> [About this task]: Search the records below for the string "width" and copy each line where it turns up.

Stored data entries
----

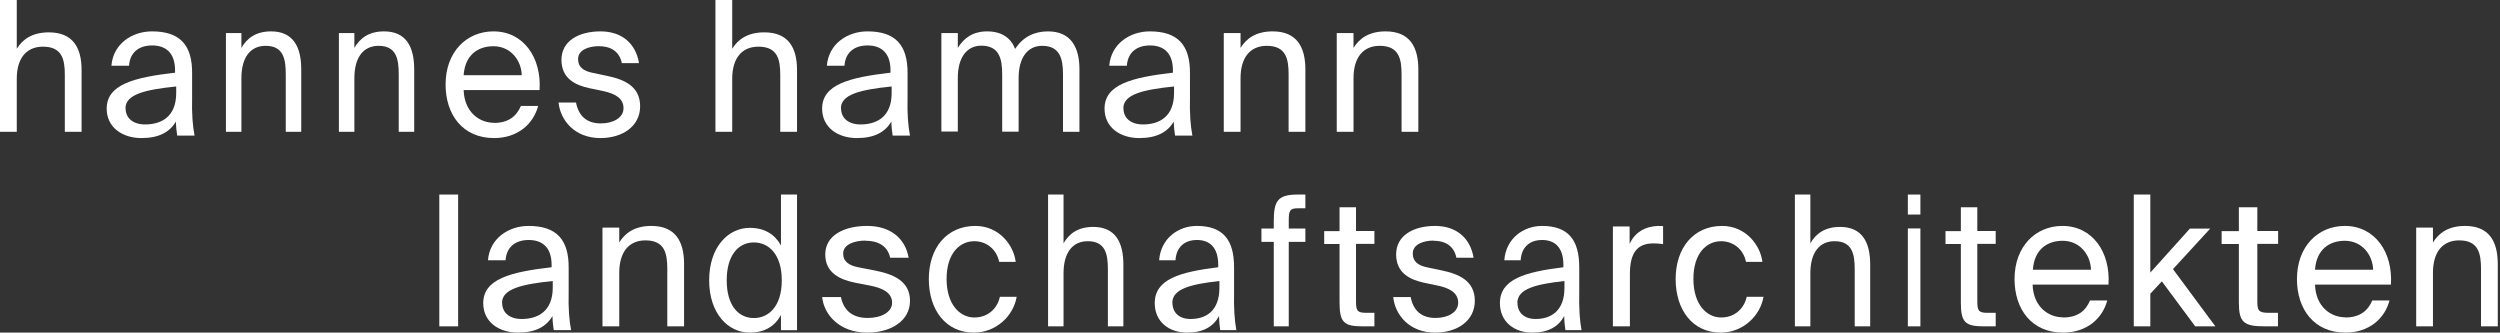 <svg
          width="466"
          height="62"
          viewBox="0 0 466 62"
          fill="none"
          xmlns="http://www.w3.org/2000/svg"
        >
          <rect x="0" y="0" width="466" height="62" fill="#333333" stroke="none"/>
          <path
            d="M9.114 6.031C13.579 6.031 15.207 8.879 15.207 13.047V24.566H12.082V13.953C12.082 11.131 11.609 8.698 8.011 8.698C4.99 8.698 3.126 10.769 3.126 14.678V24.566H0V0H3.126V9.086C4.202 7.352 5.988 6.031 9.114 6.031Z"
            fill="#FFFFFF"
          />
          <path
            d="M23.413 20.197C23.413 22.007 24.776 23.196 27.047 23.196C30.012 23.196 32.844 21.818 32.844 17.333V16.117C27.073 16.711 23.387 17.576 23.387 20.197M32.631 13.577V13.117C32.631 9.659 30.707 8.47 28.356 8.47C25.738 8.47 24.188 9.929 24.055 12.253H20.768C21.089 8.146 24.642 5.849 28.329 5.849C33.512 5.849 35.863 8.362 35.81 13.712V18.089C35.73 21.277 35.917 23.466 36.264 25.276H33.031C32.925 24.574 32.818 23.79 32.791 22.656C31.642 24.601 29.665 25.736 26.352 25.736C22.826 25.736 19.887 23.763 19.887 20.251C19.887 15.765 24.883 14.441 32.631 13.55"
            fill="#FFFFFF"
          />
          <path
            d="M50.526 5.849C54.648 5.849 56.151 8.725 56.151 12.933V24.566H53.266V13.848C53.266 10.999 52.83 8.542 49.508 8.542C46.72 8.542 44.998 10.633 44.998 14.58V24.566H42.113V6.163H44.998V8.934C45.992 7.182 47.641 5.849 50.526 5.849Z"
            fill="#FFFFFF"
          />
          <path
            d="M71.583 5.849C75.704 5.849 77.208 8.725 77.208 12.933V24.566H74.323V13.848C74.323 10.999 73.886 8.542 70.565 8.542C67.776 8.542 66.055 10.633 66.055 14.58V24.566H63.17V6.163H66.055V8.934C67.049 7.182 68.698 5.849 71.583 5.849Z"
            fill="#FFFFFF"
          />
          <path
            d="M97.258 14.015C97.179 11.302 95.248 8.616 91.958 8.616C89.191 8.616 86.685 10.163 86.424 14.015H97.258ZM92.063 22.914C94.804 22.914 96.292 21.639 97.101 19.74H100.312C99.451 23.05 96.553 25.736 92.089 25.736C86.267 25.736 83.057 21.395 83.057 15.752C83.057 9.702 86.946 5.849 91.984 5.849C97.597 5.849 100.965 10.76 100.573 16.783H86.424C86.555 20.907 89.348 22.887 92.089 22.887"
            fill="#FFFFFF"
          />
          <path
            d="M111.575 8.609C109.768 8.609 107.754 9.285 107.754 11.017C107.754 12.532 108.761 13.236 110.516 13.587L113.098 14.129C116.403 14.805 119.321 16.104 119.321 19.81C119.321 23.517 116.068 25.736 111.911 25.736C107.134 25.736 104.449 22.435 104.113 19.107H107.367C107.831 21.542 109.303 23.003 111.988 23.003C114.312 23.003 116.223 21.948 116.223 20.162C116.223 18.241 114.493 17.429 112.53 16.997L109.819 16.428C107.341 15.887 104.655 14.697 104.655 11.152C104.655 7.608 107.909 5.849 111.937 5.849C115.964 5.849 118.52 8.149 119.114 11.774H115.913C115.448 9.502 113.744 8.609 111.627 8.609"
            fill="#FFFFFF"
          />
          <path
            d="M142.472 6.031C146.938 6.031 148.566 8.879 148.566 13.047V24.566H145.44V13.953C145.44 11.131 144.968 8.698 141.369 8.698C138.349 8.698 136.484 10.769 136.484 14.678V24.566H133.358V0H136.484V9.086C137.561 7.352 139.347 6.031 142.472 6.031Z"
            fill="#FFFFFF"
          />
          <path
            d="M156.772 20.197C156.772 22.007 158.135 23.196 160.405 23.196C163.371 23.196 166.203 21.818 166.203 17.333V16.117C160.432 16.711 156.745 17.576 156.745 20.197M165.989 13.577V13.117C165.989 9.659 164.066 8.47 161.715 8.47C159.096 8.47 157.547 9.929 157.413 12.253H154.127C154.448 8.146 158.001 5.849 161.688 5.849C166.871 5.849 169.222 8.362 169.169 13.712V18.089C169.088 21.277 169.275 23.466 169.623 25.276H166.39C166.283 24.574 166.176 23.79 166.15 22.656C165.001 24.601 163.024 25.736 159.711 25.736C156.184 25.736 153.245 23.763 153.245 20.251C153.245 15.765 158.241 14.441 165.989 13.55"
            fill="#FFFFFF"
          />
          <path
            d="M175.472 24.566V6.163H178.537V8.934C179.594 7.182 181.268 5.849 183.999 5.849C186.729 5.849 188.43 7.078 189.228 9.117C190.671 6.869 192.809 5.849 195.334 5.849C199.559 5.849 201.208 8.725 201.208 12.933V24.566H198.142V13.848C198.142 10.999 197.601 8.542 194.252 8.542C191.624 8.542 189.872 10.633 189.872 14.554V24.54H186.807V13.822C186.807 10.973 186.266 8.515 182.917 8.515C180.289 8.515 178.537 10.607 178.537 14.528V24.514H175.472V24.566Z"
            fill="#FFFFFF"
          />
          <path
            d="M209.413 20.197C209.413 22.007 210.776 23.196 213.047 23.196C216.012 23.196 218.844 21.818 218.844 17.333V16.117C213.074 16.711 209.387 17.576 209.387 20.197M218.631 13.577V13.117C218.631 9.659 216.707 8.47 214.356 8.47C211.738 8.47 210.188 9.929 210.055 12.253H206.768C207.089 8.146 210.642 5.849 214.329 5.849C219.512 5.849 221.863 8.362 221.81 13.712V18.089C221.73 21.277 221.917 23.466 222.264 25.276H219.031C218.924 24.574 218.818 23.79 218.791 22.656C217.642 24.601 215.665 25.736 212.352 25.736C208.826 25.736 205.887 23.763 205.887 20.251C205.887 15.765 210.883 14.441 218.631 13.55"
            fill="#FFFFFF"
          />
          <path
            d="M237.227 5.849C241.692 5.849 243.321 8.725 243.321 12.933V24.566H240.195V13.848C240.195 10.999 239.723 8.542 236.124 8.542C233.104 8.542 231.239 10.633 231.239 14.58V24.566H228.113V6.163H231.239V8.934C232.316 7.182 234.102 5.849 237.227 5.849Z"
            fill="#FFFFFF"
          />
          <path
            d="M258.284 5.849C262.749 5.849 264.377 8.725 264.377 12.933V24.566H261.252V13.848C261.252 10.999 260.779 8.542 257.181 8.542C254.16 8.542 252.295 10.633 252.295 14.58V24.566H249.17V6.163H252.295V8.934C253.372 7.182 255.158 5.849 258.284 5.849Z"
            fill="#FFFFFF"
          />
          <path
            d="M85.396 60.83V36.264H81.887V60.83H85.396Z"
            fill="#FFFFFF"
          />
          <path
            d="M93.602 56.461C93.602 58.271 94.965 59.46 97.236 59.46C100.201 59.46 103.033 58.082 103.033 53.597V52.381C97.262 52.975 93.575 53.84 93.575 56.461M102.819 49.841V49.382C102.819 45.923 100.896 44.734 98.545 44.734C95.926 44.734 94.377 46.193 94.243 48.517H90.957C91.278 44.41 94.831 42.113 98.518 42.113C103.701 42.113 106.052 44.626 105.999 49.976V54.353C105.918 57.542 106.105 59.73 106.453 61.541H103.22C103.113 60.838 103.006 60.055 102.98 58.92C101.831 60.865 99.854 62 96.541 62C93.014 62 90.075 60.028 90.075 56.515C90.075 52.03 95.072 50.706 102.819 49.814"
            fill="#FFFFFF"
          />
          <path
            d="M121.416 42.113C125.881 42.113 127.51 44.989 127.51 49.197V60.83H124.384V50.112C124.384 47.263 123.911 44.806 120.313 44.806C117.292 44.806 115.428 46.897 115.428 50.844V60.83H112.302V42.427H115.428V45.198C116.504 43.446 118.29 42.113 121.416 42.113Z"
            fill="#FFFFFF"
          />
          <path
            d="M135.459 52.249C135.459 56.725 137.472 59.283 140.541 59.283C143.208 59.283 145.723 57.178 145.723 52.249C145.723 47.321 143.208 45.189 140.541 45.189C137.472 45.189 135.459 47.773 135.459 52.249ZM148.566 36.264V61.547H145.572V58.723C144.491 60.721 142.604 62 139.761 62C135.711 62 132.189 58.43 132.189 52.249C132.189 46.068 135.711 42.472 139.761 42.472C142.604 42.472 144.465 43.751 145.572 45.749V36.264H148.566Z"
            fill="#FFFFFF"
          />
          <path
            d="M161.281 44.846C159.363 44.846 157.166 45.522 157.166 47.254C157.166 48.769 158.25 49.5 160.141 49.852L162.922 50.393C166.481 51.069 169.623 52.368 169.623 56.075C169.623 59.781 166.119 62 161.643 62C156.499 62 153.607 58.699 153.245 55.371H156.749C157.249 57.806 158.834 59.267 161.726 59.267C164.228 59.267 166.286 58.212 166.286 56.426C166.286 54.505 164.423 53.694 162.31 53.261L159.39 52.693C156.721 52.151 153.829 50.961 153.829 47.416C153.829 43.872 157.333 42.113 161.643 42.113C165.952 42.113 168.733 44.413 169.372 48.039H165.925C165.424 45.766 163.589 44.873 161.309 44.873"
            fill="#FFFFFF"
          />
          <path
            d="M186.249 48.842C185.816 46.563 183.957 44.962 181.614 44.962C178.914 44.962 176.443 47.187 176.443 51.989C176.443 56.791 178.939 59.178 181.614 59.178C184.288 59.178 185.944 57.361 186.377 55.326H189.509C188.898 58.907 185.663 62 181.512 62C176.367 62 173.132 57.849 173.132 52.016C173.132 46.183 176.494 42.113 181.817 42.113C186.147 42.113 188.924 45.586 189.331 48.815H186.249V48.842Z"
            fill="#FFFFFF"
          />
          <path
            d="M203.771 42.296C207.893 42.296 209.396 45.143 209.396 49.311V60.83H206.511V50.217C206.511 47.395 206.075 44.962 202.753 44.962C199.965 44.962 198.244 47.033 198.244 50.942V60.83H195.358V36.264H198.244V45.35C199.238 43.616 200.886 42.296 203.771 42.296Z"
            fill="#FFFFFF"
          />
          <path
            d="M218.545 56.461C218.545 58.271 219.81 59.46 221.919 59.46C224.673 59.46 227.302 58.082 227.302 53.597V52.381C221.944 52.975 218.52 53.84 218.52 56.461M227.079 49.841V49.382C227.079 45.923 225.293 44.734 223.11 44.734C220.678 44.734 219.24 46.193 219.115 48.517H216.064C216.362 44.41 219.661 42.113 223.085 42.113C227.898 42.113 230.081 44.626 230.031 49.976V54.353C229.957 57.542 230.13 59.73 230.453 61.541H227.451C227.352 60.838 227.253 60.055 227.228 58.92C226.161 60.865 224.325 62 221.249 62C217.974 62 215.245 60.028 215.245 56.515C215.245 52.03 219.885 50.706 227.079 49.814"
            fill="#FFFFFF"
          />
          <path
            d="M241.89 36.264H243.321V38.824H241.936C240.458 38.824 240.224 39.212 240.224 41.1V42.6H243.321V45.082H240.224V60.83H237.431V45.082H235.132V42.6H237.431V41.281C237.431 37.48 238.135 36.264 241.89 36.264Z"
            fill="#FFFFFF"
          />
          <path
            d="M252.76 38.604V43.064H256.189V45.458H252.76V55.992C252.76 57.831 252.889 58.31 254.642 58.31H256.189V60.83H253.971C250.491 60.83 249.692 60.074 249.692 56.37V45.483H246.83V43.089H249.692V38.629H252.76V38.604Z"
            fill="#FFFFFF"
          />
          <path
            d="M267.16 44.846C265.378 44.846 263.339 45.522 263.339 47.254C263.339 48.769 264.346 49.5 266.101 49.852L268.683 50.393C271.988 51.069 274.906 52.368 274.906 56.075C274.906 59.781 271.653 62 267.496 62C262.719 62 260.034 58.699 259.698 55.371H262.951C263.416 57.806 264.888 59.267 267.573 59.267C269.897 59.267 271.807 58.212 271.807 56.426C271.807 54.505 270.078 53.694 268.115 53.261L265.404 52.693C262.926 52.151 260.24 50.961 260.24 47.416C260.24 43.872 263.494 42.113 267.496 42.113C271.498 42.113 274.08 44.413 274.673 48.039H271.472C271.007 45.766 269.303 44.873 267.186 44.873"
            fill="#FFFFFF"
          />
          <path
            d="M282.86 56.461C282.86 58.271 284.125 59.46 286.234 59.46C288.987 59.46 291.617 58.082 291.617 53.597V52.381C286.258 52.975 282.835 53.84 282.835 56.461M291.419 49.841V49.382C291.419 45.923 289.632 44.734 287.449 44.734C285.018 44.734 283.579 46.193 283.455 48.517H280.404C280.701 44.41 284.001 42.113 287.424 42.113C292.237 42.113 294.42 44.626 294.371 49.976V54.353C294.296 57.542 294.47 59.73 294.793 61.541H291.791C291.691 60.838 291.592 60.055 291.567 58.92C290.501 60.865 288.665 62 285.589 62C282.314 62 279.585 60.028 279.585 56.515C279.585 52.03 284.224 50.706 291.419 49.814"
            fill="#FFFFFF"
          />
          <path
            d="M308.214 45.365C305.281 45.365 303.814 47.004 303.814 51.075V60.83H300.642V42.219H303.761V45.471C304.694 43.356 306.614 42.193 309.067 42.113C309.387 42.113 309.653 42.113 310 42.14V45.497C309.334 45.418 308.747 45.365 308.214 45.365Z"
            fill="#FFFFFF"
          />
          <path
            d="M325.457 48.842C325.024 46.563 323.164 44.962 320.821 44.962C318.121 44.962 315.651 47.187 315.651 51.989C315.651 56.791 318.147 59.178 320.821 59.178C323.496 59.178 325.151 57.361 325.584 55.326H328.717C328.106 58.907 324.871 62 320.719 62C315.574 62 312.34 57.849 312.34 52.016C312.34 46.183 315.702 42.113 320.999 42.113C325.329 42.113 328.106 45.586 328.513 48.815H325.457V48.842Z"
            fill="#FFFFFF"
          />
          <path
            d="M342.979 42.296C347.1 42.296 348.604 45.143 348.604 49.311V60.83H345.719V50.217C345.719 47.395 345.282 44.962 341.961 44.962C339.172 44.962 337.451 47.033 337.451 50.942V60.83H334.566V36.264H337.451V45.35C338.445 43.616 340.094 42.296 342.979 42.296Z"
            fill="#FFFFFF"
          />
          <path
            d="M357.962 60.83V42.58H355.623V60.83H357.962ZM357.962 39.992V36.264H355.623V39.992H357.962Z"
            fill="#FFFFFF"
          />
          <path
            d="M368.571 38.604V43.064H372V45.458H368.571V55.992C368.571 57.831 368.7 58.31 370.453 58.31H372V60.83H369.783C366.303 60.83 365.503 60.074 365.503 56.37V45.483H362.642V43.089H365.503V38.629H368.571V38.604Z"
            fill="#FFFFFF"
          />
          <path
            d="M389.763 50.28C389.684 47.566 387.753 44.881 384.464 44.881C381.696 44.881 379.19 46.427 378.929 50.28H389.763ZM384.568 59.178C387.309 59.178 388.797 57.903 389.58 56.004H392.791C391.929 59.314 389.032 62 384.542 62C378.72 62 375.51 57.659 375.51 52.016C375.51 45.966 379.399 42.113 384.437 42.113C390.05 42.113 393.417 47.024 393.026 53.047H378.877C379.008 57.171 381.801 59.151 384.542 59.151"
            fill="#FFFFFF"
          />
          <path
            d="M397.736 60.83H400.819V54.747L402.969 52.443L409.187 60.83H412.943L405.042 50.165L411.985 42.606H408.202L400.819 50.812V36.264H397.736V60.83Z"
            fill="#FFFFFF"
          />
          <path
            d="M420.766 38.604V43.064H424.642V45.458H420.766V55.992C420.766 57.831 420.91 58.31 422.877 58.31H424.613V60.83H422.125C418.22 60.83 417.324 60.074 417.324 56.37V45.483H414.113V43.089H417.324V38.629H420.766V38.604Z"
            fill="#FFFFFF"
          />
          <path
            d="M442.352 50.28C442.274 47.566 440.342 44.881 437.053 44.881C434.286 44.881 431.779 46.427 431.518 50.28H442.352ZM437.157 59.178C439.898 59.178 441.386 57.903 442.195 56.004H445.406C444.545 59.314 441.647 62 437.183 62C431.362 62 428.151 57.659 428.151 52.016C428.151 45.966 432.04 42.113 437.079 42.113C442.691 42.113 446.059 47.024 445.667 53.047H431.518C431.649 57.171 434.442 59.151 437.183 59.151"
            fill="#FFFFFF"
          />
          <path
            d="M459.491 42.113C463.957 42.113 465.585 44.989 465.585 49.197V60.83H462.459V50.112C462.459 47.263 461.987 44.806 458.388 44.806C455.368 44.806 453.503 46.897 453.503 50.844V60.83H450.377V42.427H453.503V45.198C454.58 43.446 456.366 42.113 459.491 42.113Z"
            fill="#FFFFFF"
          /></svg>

----

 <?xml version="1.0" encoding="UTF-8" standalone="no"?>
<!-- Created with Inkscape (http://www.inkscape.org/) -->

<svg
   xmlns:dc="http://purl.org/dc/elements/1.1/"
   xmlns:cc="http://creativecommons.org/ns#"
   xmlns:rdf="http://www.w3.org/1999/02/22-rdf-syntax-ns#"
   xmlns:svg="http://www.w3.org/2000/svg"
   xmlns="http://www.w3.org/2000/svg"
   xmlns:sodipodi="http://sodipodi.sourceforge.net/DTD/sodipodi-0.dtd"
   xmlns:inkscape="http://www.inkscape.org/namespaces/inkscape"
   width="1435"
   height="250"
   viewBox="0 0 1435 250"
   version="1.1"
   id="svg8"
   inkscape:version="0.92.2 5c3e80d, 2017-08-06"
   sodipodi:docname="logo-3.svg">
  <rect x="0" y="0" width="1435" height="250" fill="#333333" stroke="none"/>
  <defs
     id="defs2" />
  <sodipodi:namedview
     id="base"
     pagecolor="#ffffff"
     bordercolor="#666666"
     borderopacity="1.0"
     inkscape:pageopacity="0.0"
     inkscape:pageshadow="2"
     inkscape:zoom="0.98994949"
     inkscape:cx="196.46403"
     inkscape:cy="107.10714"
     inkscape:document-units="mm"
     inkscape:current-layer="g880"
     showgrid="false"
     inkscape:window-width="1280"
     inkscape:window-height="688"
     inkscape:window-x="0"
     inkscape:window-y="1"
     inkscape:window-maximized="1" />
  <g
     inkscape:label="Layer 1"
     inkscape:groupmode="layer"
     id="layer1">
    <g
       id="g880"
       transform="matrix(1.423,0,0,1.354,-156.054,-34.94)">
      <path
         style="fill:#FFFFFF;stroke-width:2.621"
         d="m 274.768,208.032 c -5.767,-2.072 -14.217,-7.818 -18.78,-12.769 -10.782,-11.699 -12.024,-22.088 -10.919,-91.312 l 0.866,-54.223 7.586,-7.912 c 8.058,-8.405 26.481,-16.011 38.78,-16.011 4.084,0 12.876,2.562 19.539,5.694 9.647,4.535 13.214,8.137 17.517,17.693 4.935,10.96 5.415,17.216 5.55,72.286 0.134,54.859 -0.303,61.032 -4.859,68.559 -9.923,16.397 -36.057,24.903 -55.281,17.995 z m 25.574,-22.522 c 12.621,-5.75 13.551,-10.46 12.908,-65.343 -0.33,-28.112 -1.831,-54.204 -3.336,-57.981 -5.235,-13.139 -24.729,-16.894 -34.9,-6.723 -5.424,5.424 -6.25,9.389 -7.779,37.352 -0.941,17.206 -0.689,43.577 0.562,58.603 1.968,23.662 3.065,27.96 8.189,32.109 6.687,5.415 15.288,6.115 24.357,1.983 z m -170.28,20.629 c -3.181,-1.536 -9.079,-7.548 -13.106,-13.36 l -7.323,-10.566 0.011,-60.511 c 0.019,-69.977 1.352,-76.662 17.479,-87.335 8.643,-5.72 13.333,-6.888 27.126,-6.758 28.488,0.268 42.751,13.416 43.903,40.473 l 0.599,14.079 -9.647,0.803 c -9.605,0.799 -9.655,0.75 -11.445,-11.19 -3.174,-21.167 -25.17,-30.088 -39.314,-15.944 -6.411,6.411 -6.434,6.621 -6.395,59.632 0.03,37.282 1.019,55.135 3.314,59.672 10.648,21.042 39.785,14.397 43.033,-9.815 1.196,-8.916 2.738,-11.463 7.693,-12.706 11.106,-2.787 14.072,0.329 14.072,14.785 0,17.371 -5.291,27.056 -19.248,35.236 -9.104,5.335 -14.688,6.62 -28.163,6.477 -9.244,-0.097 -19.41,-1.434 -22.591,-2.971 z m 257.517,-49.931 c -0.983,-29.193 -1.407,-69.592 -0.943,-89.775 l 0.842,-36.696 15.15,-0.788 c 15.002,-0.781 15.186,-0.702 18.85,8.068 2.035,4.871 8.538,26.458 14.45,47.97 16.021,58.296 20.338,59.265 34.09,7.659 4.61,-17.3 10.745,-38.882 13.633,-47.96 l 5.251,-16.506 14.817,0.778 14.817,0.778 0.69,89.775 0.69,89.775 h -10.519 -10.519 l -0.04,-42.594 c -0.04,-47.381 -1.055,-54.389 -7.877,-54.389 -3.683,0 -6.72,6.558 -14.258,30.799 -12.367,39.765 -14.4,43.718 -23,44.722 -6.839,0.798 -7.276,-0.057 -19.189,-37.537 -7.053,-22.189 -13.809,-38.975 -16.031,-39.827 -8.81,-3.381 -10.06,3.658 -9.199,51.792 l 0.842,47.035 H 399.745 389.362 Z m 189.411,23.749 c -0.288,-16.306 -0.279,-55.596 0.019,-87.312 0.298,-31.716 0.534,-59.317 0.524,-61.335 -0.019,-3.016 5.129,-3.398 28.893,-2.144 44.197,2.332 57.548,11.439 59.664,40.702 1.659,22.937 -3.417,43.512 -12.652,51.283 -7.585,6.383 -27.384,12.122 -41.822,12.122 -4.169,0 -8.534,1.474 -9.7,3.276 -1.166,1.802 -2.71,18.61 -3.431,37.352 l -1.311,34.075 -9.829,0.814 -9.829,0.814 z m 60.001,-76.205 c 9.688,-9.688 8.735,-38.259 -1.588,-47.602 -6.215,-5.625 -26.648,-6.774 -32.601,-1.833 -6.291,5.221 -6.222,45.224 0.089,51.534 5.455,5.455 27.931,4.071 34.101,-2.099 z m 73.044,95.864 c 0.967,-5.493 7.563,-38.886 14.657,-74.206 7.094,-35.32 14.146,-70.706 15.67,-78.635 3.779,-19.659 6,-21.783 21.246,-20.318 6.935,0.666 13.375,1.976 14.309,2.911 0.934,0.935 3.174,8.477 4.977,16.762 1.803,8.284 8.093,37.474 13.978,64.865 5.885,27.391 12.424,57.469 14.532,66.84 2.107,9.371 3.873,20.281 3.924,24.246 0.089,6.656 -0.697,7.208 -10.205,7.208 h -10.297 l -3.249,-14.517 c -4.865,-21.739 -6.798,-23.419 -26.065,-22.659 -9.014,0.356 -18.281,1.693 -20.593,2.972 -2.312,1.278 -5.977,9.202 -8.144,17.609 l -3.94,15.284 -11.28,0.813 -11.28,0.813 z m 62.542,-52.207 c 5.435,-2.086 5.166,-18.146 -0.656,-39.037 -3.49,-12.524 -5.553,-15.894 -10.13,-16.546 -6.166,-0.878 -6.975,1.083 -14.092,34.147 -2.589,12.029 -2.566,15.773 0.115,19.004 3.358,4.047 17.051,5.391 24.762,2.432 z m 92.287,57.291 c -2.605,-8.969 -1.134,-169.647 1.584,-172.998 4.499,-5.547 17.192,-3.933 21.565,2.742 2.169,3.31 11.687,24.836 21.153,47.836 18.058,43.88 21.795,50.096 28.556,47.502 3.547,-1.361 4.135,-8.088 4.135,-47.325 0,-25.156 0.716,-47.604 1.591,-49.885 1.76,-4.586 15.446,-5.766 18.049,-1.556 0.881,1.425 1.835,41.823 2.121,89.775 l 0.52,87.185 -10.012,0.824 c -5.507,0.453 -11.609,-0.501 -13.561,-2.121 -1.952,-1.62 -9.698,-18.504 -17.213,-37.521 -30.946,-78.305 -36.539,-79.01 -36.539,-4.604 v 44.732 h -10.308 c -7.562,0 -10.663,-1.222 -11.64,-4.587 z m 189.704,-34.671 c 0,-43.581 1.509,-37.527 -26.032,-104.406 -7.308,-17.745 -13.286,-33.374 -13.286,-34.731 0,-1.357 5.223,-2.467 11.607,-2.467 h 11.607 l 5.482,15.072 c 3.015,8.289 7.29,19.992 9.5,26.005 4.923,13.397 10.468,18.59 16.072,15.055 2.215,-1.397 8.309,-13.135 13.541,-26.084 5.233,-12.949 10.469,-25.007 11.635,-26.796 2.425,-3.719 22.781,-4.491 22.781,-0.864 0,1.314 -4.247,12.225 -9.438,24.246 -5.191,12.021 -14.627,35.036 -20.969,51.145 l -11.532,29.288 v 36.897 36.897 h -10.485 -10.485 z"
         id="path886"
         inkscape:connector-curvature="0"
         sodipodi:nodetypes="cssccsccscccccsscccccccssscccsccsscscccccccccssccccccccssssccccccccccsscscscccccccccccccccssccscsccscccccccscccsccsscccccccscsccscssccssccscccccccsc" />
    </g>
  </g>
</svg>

----

> [Task output]:
          width="466"
          <rect x="0" y="0" width="466" height="62" fill="#333333" stroke="none"/>
   width="1435"
  <rect x="0" y="0" width="1435" height="250" fill="#333333" stroke="none"/>
     inkscape:window-width="1280"
         style="fill:#FFFFFF;stroke-width:2.621"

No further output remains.